• **WHAT NEEDS TO BE DONE**:
Give back every record word for word, keeping the pictures out.

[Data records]

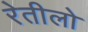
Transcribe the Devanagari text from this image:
रेतीलो
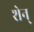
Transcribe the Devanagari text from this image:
शेन्
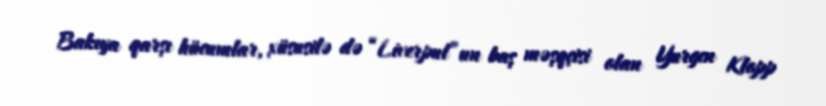
Bakıya qarşı hücumlar, xüsusilə də “Liverpul”un baş məşqçisi olan Yurgen Klopp
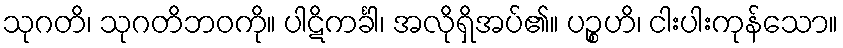
သုဂတိ၊ သုဂတိဘဝကို။ ပါဋိကင်္ခါ၊ အလိုရှိအပ်၏။ ပဉ္စဟိ၊ ငါးပါးကုန်သော။
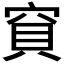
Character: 𥦎
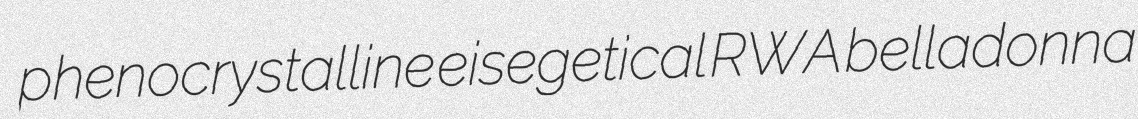
phenocrystalline eisegetical RWA belladonna
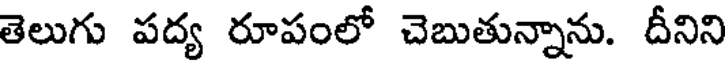
తెలుగు పద్య రూపంలో చెబుతున్నాను. దీనిని
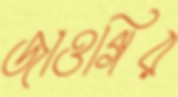
জাওগির
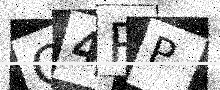
Text: Q4PP
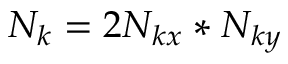
N _ { k } = 2 N _ { k x } * N _ { k y }
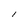
Character: l
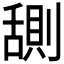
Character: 𬜊
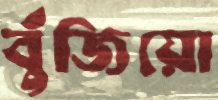
বুঁজিয়ো
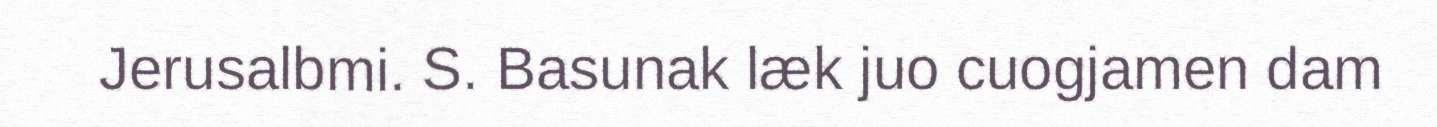
Jerusalbmi. S. Basunak læk juo cuogjamen dam
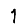
Digit: 1
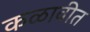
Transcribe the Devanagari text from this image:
कळावीत

• **ANSWER SECTION**:
Transcribe the Devanagari text from this image:
रेतीलो
Transcribe the Devanagari text from this image:
शेन्
Bakıya qarşı hücumlar, xüsusilə də “Liverpul”un baş məşqçisi olan Yurgen Klopp
သုဂတိ၊ သုဂတိဘဝကို။ ပါဋိကင်္ခါ၊ အလိုရှိအပ်၏။ ပဉ္စဟိ၊ ငါးပါးကုန်သော။
Character: 𥦎
phenocrystalline eisegetical RWA belladonna
తెలుగు పద్య రూపంలో చెబుతున్నాను. దీనిని
জাওগির
Text: Q4PP
N _ { k } = 2 N _ { k x } * N _ { k y }
Character: l
Character: 𬜊
বুঁজিয়ো
Jerusalbmi. S. Basunak læk juo cuogjamen dam
Digit: 1
Transcribe the Devanagari text from this image:
कळावीत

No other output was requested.